Of all the lesions affecting the heart valves, aortic stenosis is by far the most common one. Its prevalence increases with age; and with the dramatic improvement in health care over the past years, it is becoming more common as individuals are living longer. The disorder is also known as senile calcific aortic stenosis and is characterized by calcification of the aortic leaflets. The calcification starts within the cusps and gradually extends on upper surfaces and into the aortic sinuses (sinuses of Valsalva). The mass effect of the calcified nodules will then impede the opening of the cusps and therefore decrease the patent area of the valve orifice (from about 4 cm2 to 0.5 cm2 in severe cases). The pathogenesis of these valvular lesions lies in the continuous activity of the valve throughout a single lifetime. The valves undergo thousands of cardiac cycles each year without rest. The constant exposure to the high-pressure gradient and recurrent mechanism is coupled with inflammation, leading to calcific valve degeneration.
After many years of stenosis, the left ventricle will eventually undergo cardiac remodeling as the resistance to ventricular output increases the workload on the left side of the heart. Over time, the impact on the ventricle can also result in damage to the mitral valve (causing mitral valve prolapse), the left atrium (leading to left atrial dilatation), and the pulmonary vascular bed (pulmonary hypertension).
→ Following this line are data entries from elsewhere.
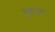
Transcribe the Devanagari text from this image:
गुणांनंतर
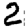
Digit: 2
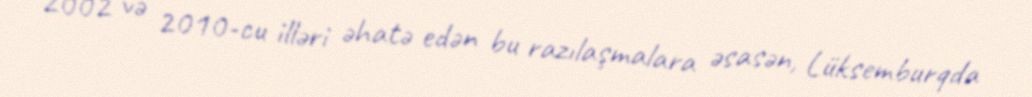
2002 və 2010-cu illəri əhatə edən bu razılaşmalara əsasən, Lüksemburqda
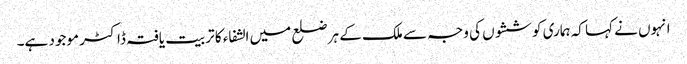
انہوں نے کہا کہ ہماری کوششوں کی وجہ سے ملک کے ہر ضلع میں الشفاء کا تربیت یافتہ ڈاکٹر موجود ہے۔
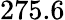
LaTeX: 275.6
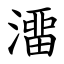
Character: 澑
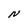
Character: N
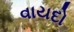
વાયદો
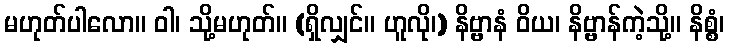
မဟုတ်ပါလော။ ဝါ၊ သို့မဟုတ်။ (ရှိလျှင်။ ဟူလို၊) နိဗ္ဗာနံ ဝိယ၊ နိဗ္ဗာန်ကဲ့သို့။ နိစ္စံ၊
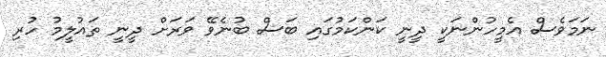
ނަމަވެސް އެމީހުންނަކީ ދީނީ ކަންކަމުގައި ބަސް ބުނެވޭ ވަރަށް ދީނީ ތައުލީމު ހުރި
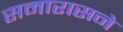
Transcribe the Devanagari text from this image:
समारासने
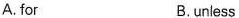
A. for B.unless
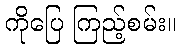
ကိုပြေ ကြည့်စမ်း။
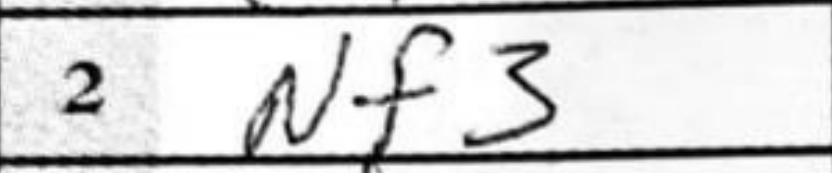
Transcription: Nf3
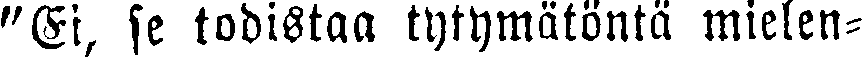
"Ei, se todistaa tytymätöntä mielen-
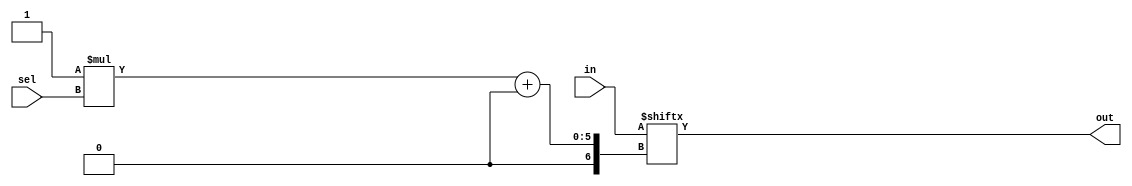
`timescale 1ns / 1ps
///////////////////////////////////////////////////////////////////////////////////////
//John Wright & Danny Peters
//University of Kentucky
//EE480 Spring 2011
//DV Final Project
//
//MUX_mxn.v
//
//A parameterized multiplexer.
//
///////////////////////////////////////////////////////////////////////////////////////
module MUX_mxn(in, sel, out);
    parameter s_lines = 4;  //number of select lines (total input vectors = 2**m)
    parameter d_width = 1;  //input vector bus width
    input [d_width * (2**s_lines) - 1 : 0] in;  //input vectors
    input [s_lines - 1 : 0] sel;                //select lines
    output reg [d_width - 1 : 0] out;           //output vector
    integer i,j;
    
    always@(in or sel)
    begin
        j = sel;
        for(i = 0; i < d_width; i = i + 1)
        begin
            out[i] = in[d_width * j + i];
        end
    end

endmodule
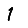
Digit: 1
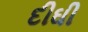
દીઘી
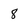
Character: 8
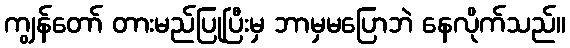
ကျွန်တော် တားမည်ပြုပြီးမှ ဘာမှမပြောဘဲ နေလိုက်သည်။
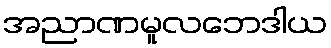
အညာဏမူလဘေဒါယ
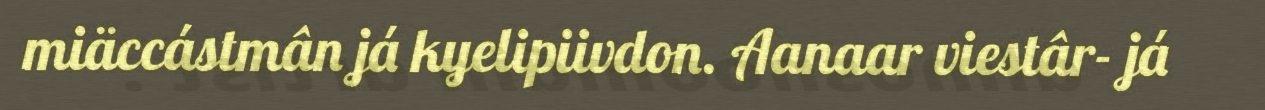
miäccástmân já kyelipiivdon. Aanaar viestâr- já
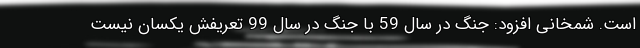
است. شمخانی افزود: جنگ در سال 59 با جنگ در سال 99 تعریفش یکسان نیست
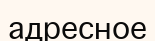
адресное
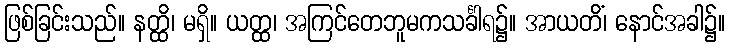
ဖြစ်ခြင်းသည်။ နတ္ထိ၊ မရှိ။ ယတ္ထ၊ အကြင်တေဘူမကသင်္ခါရ၌။ အာယတိံ၊ နောင်အခါ၌။
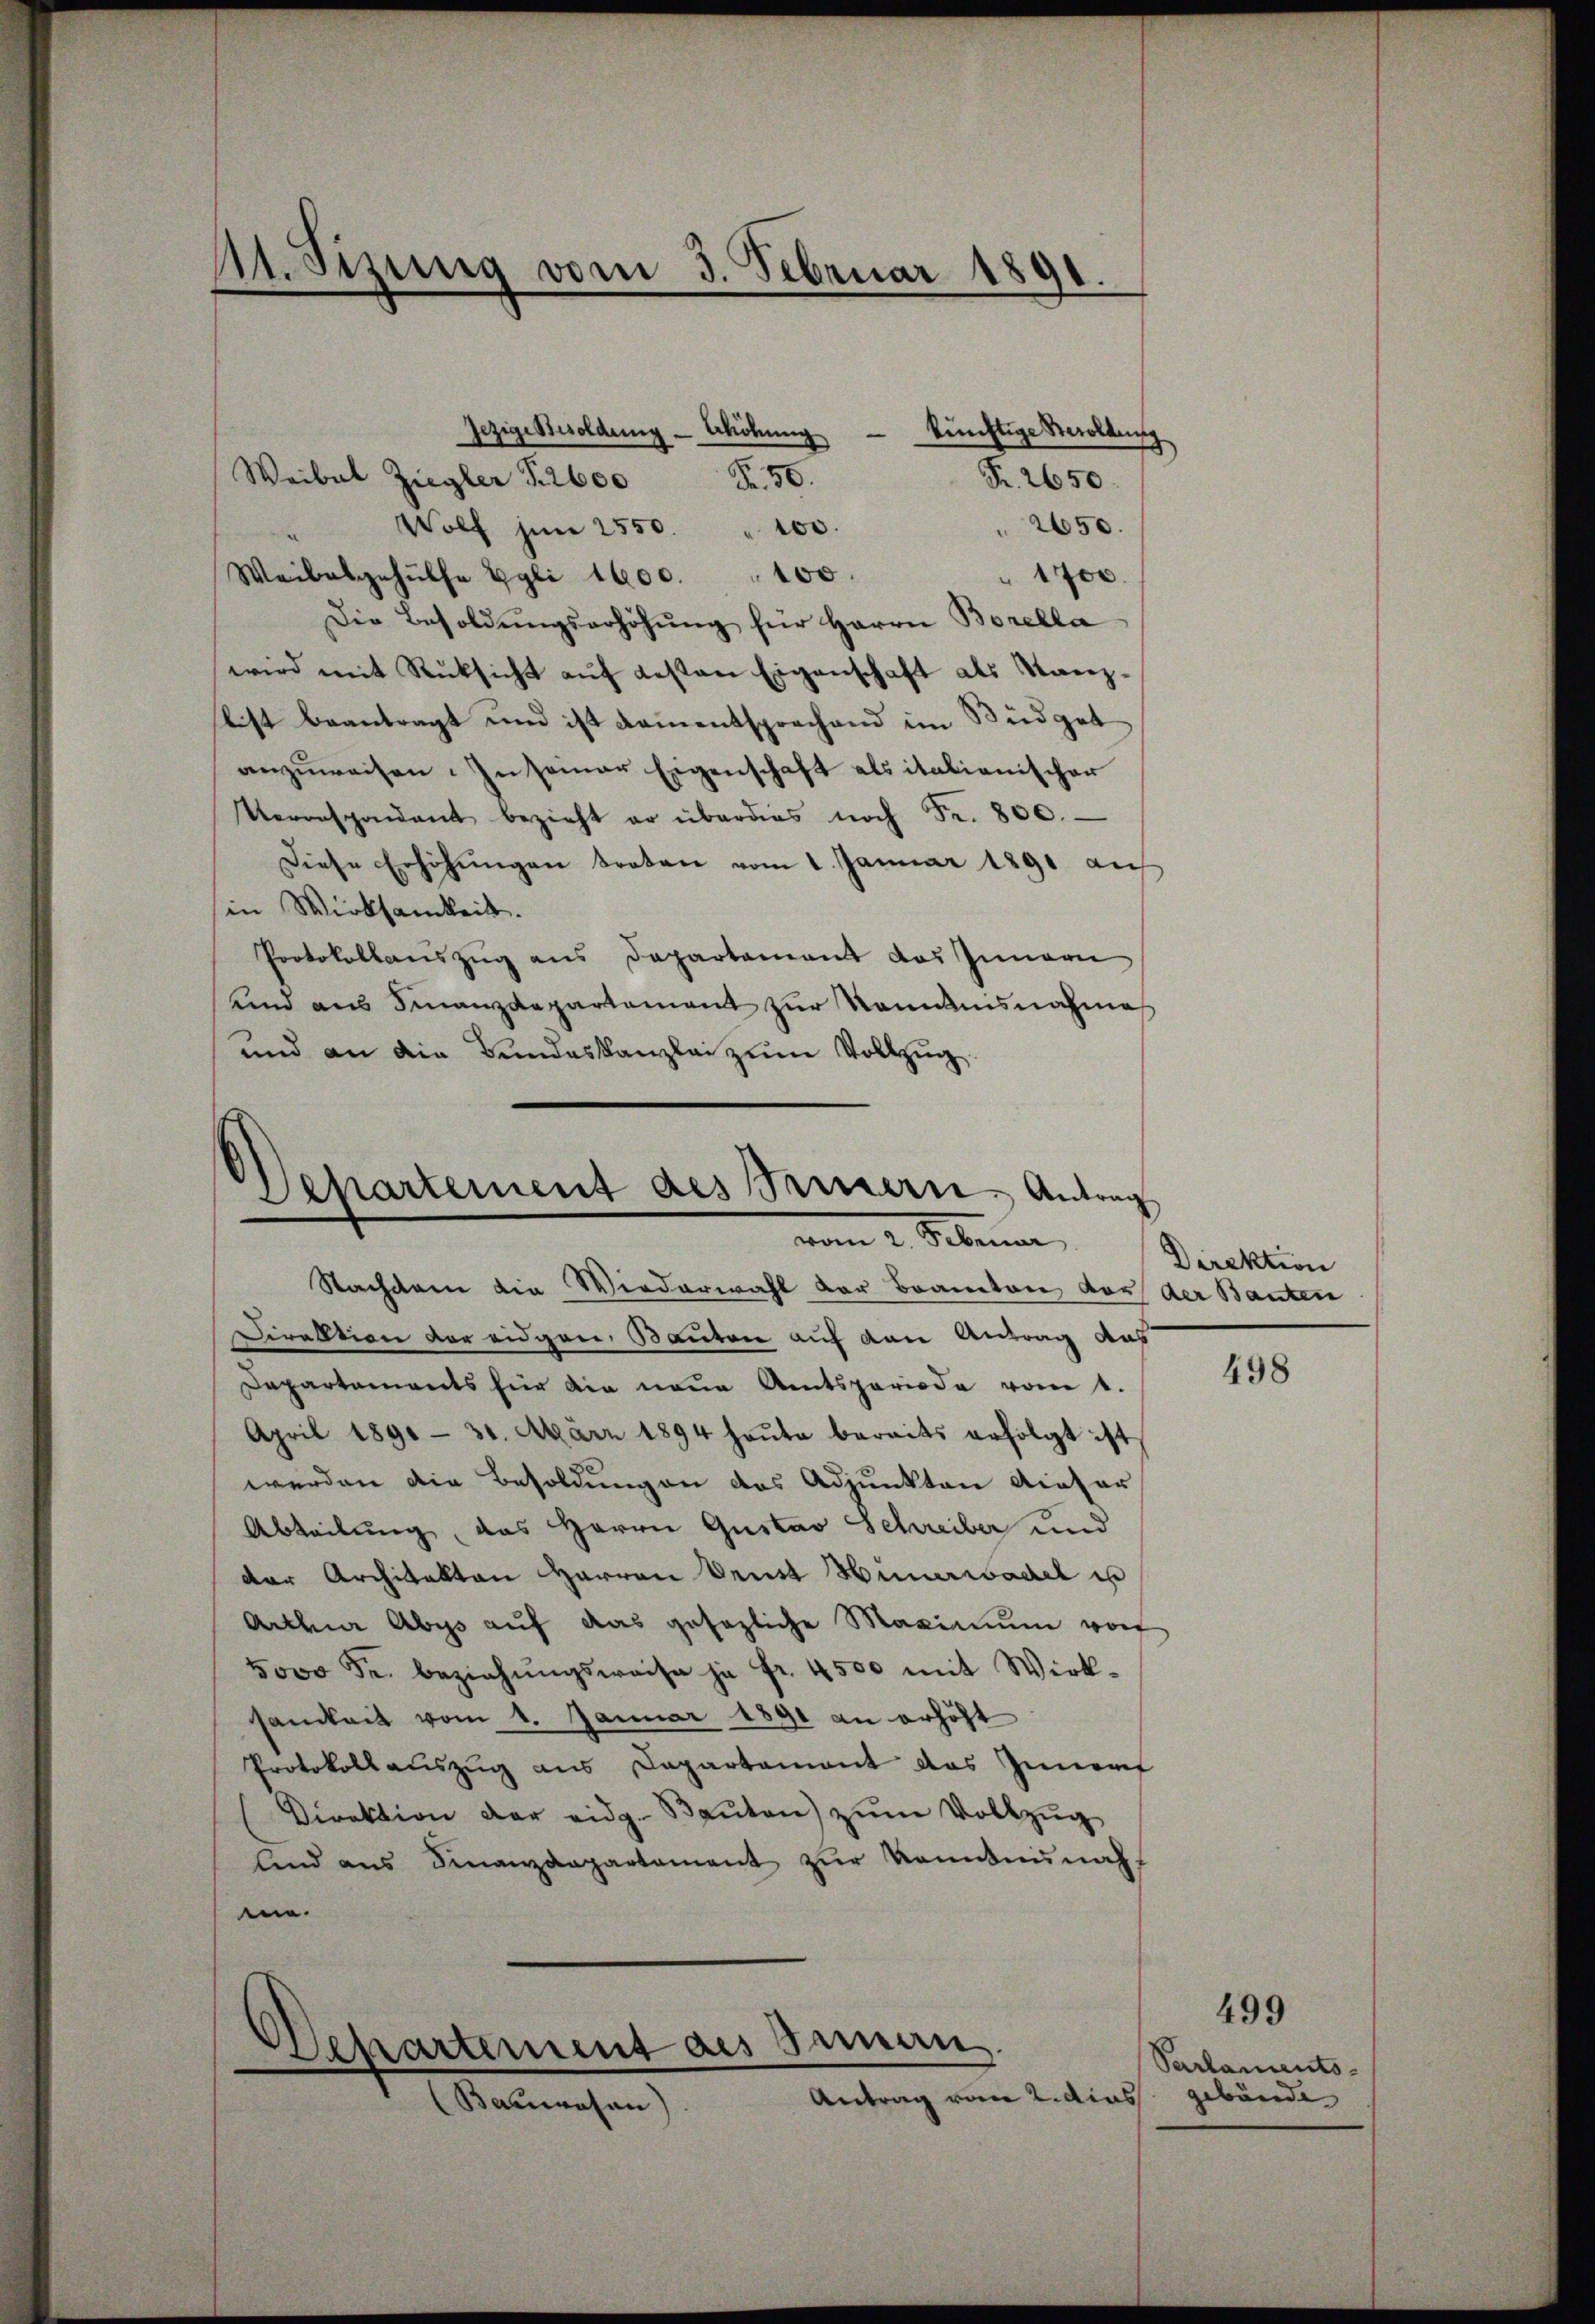
11. Sizung vom 3. Februar 1891.

Fr. 50.
Waibel Ziegler T.600
2650.
Wolf in 2550. " 100.
Weibesgehülfe Egli 1600 " 100.
" 1700.
Die Besoldŭngserhöhŭng für Herrn Borella
wird mit Rücksicht auf gesten Eigenschaft als Kanzbist beantragt und ist kamentsprachend im Südget
anzuweisen. In semar Eigenschaft als italienischer
Veranspondant bezieht er überdies noch Fr. 800.
Diese Erhöhungen treten vom 1. Januar 1891 auf
in Wirksamkeit.
Protokollauszug aus Departement das Innern
und aus Finanzdepartement zur Randnisnahmes
und an die Bundeskanzlei zum Vollzug.

Gezige Besoldung - Schöhŭng — künftige Besoldung

Fr. 2650.

Departement des Seinern Antrag
vom 2. Februar,

Departement des Innen
Antrag vom 2. dies
Bauwesen)

Nachdem die Wiederwahl der Branton vor der Bauten
Direktion vor eidgen. Bauten auf den Antrag aus
Dapartements hier die neue Amtsperiode vom 1.
April 1890 - 31. März 1894 heŭte bereits erfolgt ist
werden die Besoldungen des Adjunkten dieser
Abteilung, das Herrn Gustav Schreiber und
der Architekten Herren Deust Hünerwadel u
Arthur Abys aŭf das gesezliche Maximŭm von
5000 Fr. beziehŭngsweise ja fr. 4500 mit Wirk-
samkeit vom 1. Januar 1891 an erhöht
Protokoll auszug aus Capartamant das Zunerf
Direktion der eidg. Baŭten) zŭm Vollzŭg,
lnd ans Finanzdepartement zŭr kanntnŭngs
me.

Direktion

498

Parlaments-
gebäude

499

There is left ventricular hypertrophy that can also make the chamber non-compliant; resulting in diastolic dysfunction. Therefore, aortic stenosis can create an environment for other valvular disorders.
The onset of symptoms of aortic stenosis is delayed following the initial insult. There is a classic triad of chest pain, heart failure, and syncope. The chest pain results from decreased coronary perfusion and subsequent myocardial ischemia. Heart failure and its associated symptoms are a consequence of the left ventricular remodeling described above. Finally, the syncopal episodes are due to falls in blood pressure and ventricular arrhythmias. On auscultation, it is likely to note either a normal or reduced first heart sound. The aortic component of the second heart sound may also be absent or reduced; which may give the false impression of a loud pulmonary component. There may also be reversed (paradoxical) splitting of the second heart sound as there is delayed closure of the aortic valve. The fourth heart sound is also present as a result of the left ventricular hypertrophy. However, the classic murmur of aortic stenosis is one that gradually gets loud then decreases in intensity (i.e. crescendo-decrescendo murmur). This low-pitched murmur is best heard at the upper right sternal edge.